I am an author and paranormal enthusiast who has published numerous books and articles on the subject of true unexplained phenomena.


1. When Michael Calls (1972)

This first offering, while not exactly a conventional horror flick, is certainly deserving of attention. When Michael Calls is a made-for-television movie starring Elizabeth Ashley as Helen, a newly divorced woman who begins receiving mysterious communications from a boy claiming to be her long-dead nephew. Coincidentally, or perhaps not, the timing of the calls coincides with a rash of murders targeting her friends and acquaintances.

Ben Gazzara, as Helen's alcohol-fueled ex who obviously still carries a torch for her, and a dashing young Michael Douglas shine in their co-starring roles. It's difficult to go into detail without ruining a killer twist that only the most savvy of viewers will see coming, so let's just say that nothing in this film is as it seems.
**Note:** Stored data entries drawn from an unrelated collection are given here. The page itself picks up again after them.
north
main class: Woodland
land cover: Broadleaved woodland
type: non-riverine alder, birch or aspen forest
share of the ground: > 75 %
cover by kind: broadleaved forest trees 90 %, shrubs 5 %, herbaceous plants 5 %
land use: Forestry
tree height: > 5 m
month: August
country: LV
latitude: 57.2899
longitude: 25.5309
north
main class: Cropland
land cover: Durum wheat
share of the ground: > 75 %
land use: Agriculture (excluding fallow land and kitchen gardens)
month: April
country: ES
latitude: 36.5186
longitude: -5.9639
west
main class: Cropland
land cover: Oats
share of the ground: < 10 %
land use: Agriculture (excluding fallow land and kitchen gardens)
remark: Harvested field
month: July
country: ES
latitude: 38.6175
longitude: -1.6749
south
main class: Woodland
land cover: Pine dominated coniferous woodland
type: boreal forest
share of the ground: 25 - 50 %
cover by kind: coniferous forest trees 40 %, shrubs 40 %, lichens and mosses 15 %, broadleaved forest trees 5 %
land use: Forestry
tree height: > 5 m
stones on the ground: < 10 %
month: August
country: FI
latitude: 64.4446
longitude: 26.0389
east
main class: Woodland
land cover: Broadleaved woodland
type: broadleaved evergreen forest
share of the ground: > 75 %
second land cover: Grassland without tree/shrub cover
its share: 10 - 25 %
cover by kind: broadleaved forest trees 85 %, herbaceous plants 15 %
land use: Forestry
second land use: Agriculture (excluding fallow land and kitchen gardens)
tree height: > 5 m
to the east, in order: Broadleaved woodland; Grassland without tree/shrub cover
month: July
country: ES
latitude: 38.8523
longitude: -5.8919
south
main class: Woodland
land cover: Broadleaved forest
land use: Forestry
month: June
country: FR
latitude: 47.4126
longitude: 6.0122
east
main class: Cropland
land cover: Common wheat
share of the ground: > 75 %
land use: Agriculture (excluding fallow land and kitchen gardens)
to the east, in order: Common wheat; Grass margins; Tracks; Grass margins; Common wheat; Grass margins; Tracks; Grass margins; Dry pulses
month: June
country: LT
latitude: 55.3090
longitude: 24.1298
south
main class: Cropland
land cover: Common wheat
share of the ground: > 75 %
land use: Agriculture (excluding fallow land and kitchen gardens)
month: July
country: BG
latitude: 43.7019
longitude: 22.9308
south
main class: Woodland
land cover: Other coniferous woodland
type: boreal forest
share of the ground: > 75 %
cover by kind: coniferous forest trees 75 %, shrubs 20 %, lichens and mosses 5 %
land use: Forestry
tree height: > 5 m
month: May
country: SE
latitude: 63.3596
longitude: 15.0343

When Michael Calls is a taut suspense thriller that lures viewers in and plants them firmly in the principal figure's shoes. Sorely underrated, if you happen to come upon this diamond in the rough, grab some popcorn and enjoy the show; you won't regret it.


2. Race With the Devil (1975)

Stories that center around travelers who are unwittingly plunged into a world of trouble don't come any better than Race With the Devil. This gripping tale stars Peter Fonda and Warren Oates as best pals and business partners, Roger and Frank, who decide to treat themselves to a much-needed vacation out west. As you can probably guess, this movie has more twists and turns than a back country road.

Along for the ride are the lovely Lara Parker, who graces the screen as Roger's wife Kelly, and "Hot Lips" Houlihan herself Loretta Swit as Frank's better half Alice. Throw in a shaggy little pooch named Ginger and the main cast is complete.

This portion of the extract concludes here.